F.IF.6 Calculate and interpret the average rate of change of a function (presented symbolically or as a table) over a specified interval. Estimate the rate of change from a graph.

Lesson Description: This lesson focuses on the contextual meaning of the slope $m$ in the linear function $f(x) = mx + b$. Students will learn to translate the numerical value of slope into a descriptive sentence. Key concepts include: Slope as Unit Rate: Understanding that slope represents the change in the dependent variable for every one-unit increase in the independent variable. Identifying Units: Determining the correct units for slope by using the "Units of y per Unit of x" formula (e.g., miles per hour, dollars per gallon, or degrees per minute).Interpreting Sign: Explaining what a positive slope (growth/increase) versus a negative slope (decay/decrease) means within a specific story. Comparing Steepness: Analyzing which of two slopes represents a "faster" rate of change in a practical scenario (e.g., which car is traveling faster or which bank account is growing more quickly).
Purpose
The purpose of Section 9.3 is to develop quantitative literacy.

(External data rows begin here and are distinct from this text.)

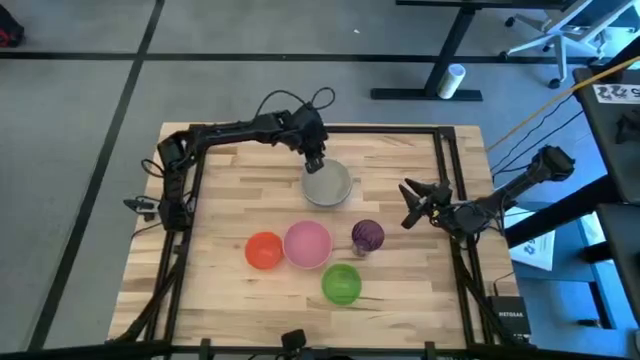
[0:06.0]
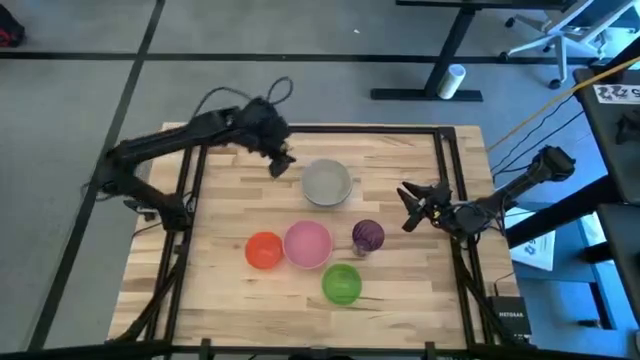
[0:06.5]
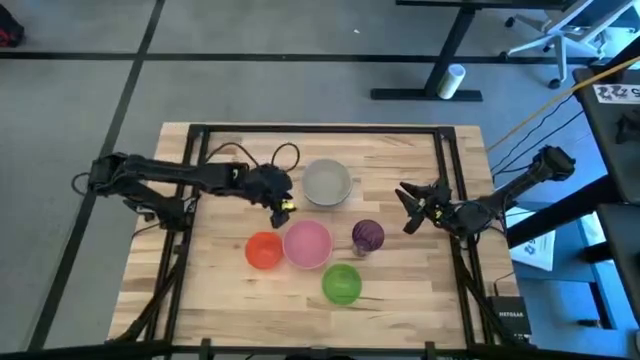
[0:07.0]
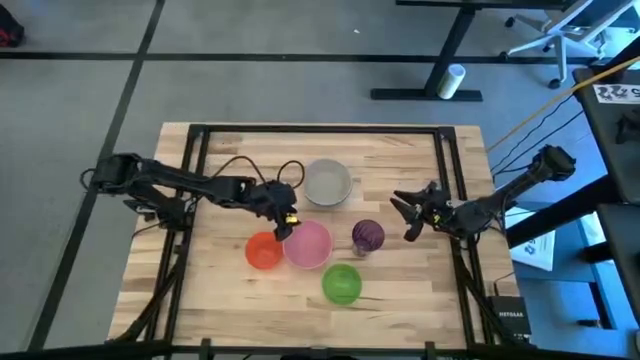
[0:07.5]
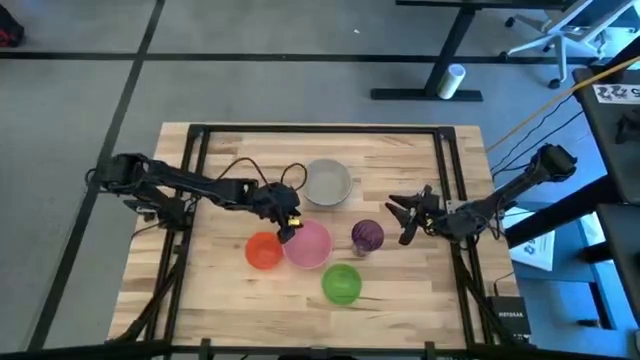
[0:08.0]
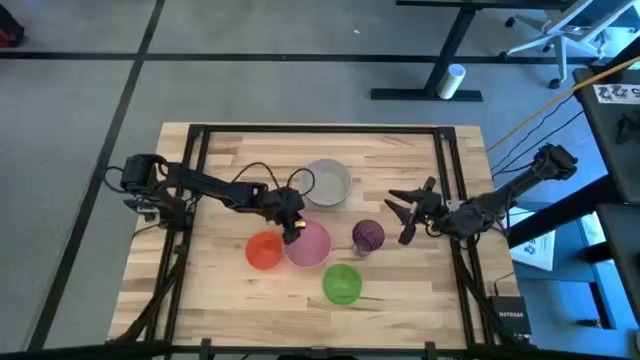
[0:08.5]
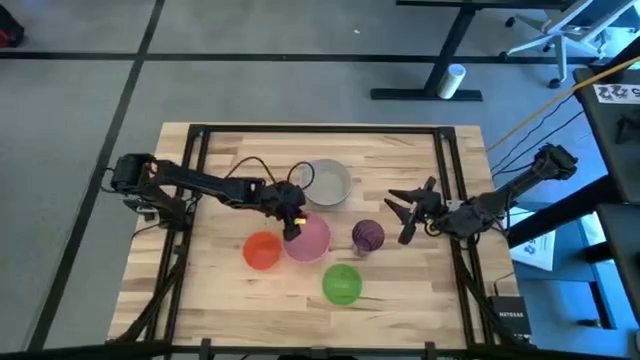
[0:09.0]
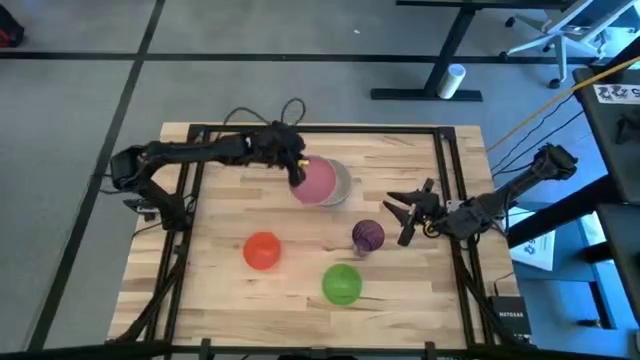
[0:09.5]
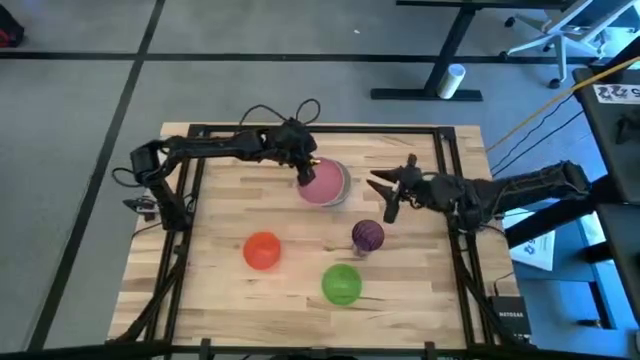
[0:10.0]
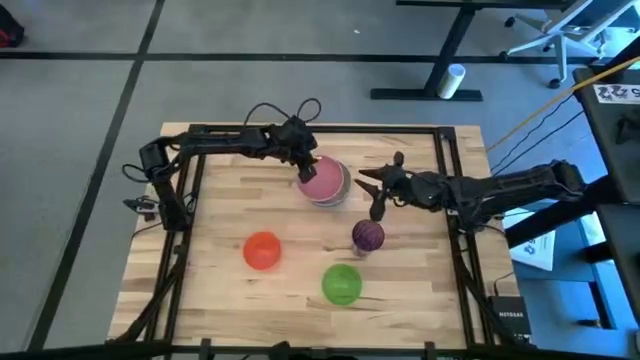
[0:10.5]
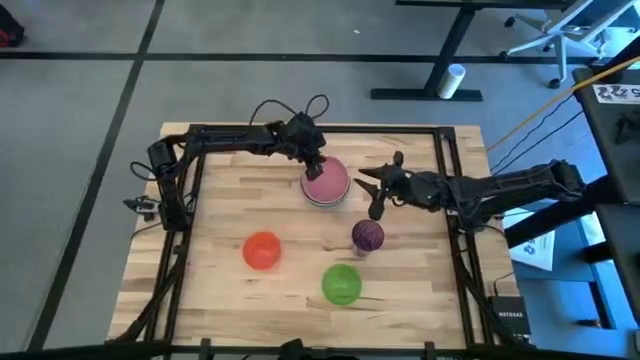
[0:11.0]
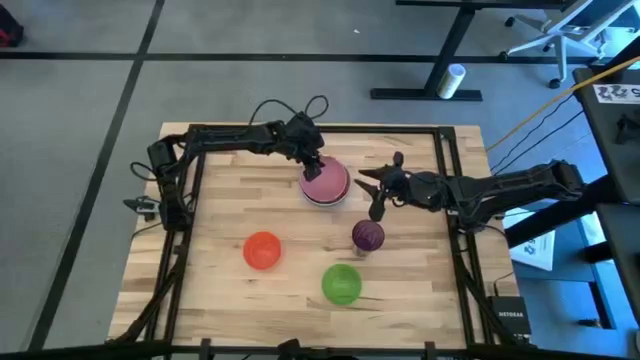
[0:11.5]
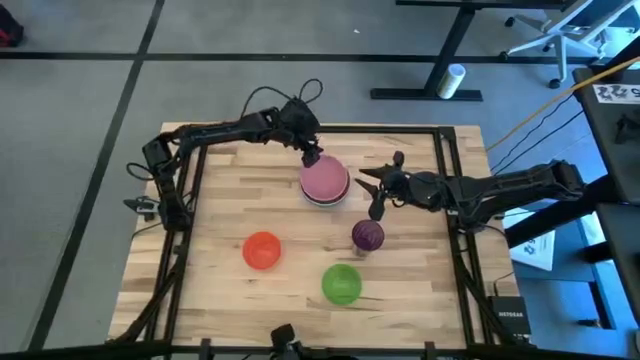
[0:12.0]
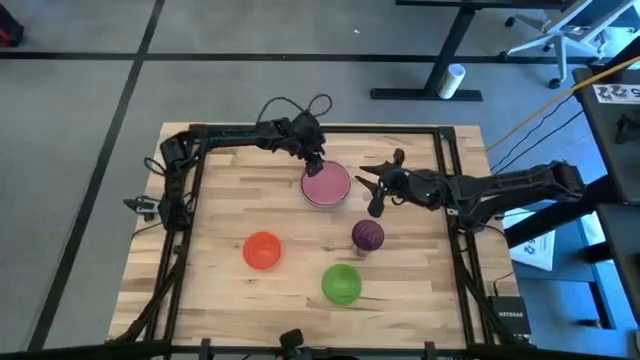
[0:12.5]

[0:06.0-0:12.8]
Stack the pink bowl on top of the gray bowl

In fields like healthcare, business, and technology, "slope" is rarely called by its mathematical name; instead, it is referred to as "speed," "burn rate," "hourly wage," or "flow rate." By learning to interpret slope, students gain the ability to explain how a system is changing, which is a critical skill for data analysis and professional communication. This section transforms the slope from an abstract fraction into a meaningful measurement. Depth of Knowledge (DOK) Level
DOK Level 2 & 3
Level 2 (Skill/Concept): Students must identify the units of slope from a graph or table and perform basic interpretations (e.g., "The slope is 15, which means the cost increases by 15 for every additional item").
Level 3 (Strategic Thinking): Students must explain the significance of the slope in a complex scenario. They might be asked to predict what happens to the real-world outcome if the slope changes, or to compare two different linear models and explain why one rate of change is more desirable than the other in a given context.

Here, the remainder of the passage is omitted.